::: Data shown :::

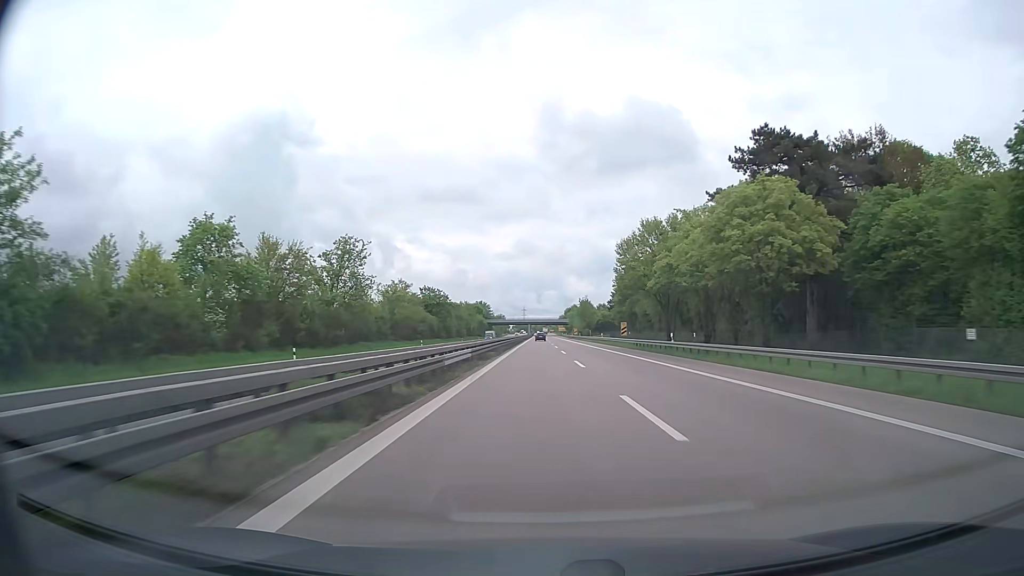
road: trunk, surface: asphalt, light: Day
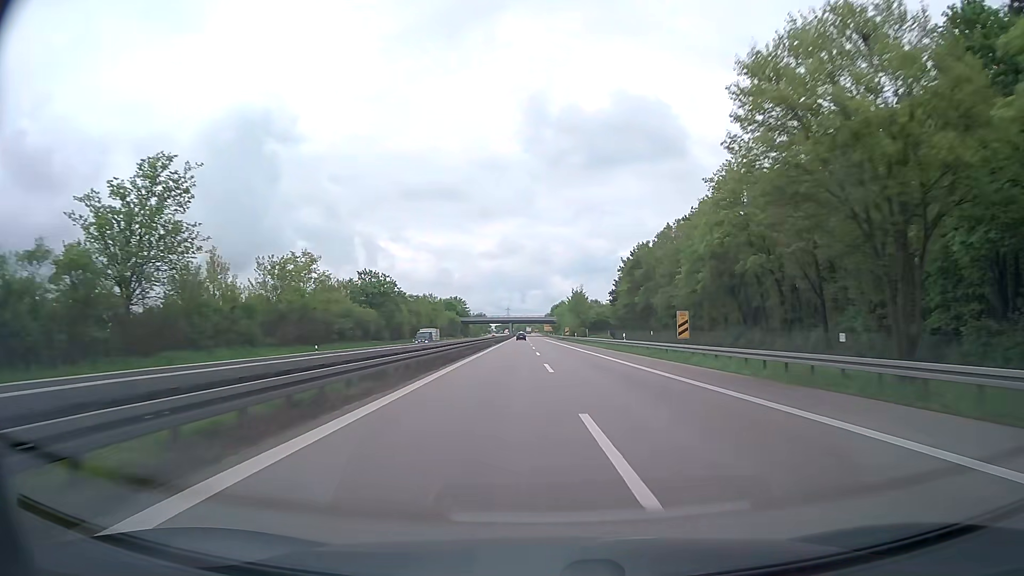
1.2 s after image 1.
(+0.5, +39.1) m; +1°
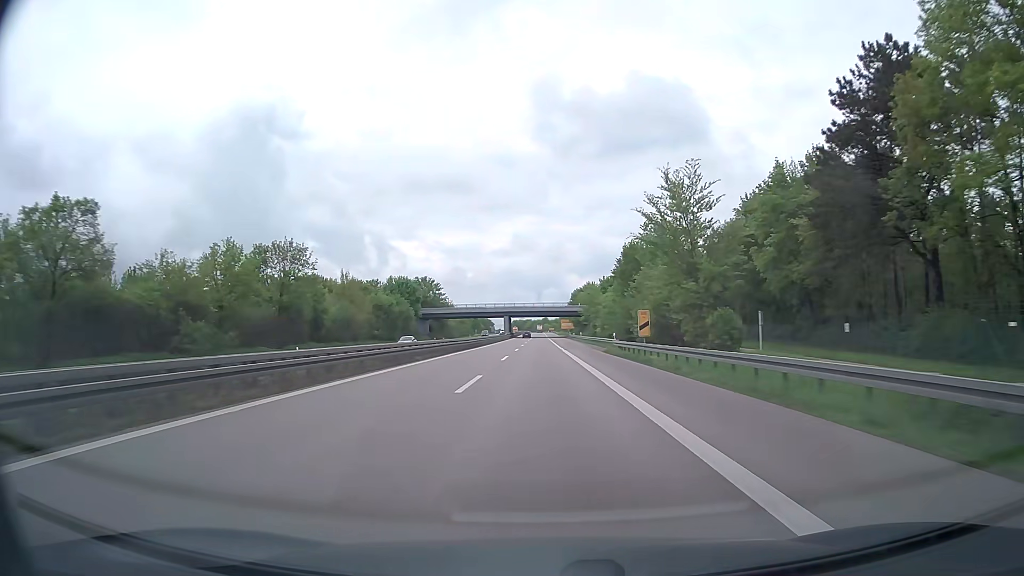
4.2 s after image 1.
(0.0, +98.2) m; -1°
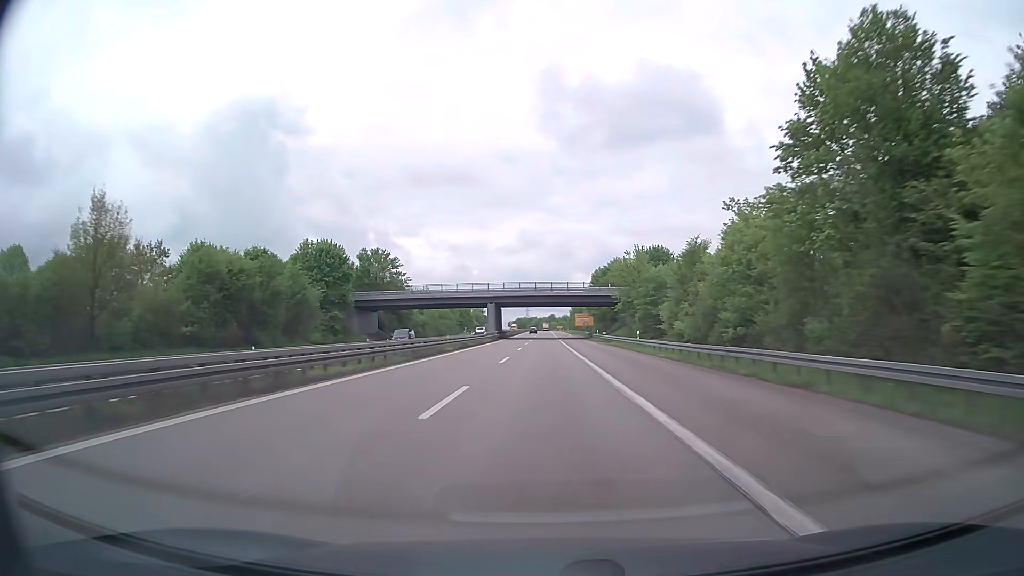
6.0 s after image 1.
(-0.5, +58.9) m; -1°
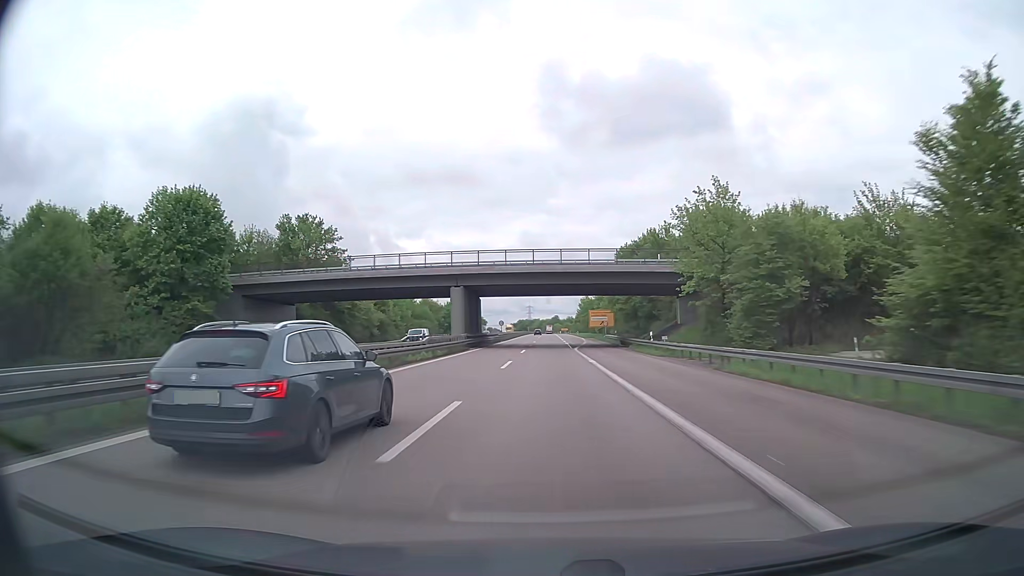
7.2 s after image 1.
(-0.1, +39.3) m; 0°
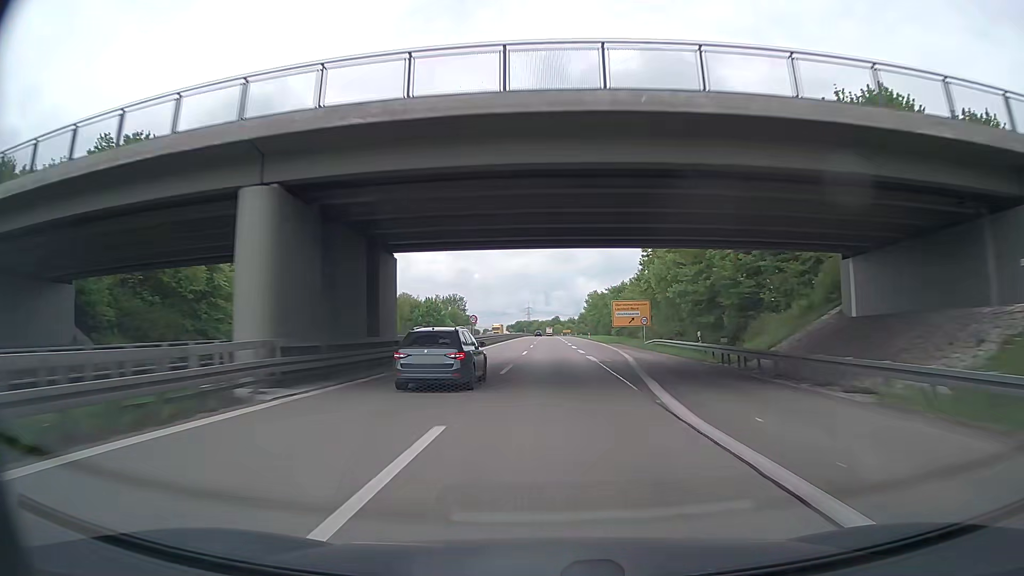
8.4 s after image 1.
(0.0, +39.3) m; 0°
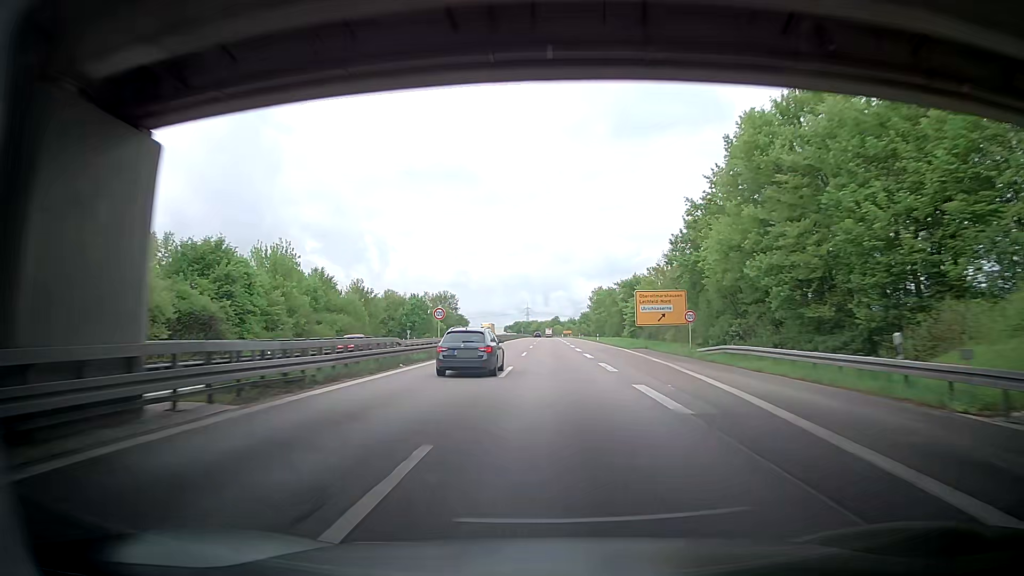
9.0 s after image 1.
(+0.1, +19.6) m; 0°
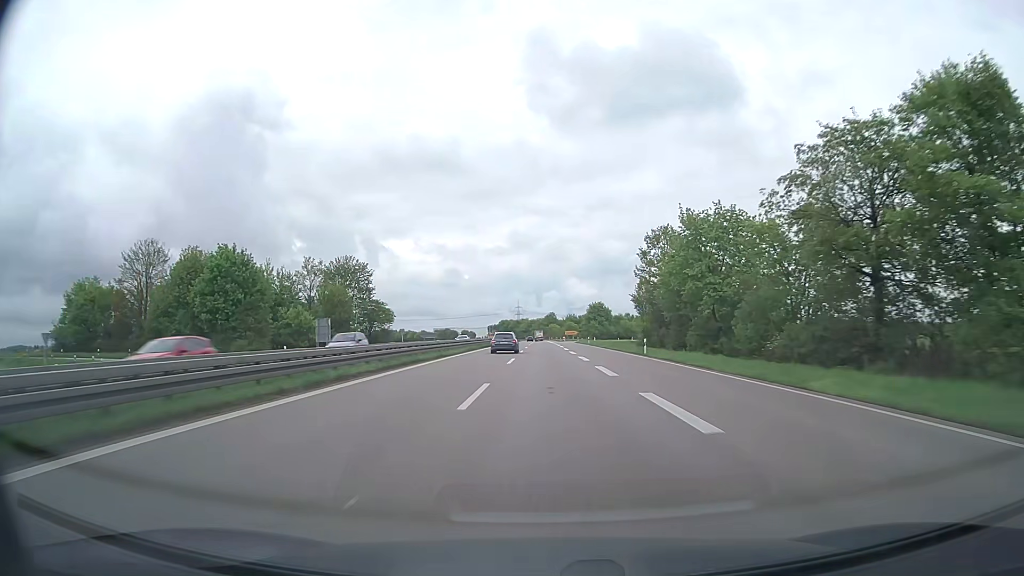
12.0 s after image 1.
(+0.2, +98.2) m; +1°
(0, +10) (0, +20) (0, +30) (0, +40) (0, +50) (0, +60) (0, +70) (0, +80) (0, +90) (0, +100) m

:::

» Aim of the exercise: Give a verbatim transcription of the entries, leaving out the pictures.

» Result of the task:
road: trunk, surface: asphalt, light: Day
1.2 s after image 1.
(+0.5, +39.1) m; +1°
4.2 s after image 1.
(0.0, +98.2) m; -1°
6.0 s after image 1.
(-0.5, +58.9) m; -1°
7.2 s after image 1.
(-0.1, +39.3) m; 0°
8.4 s after image 1.
(0.0, +39.3) m; 0°
9.0 s after image 1.
(+0.1, +19.6) m; 0°
12.0 s after image 1.
(+0.2, +98.2) m; +1°
(0, +10) (0, +20) (0, +30) (0, +40) (0, +50) (0, +60) (0, +70) (0, +80) (0, +90) (0, +100) m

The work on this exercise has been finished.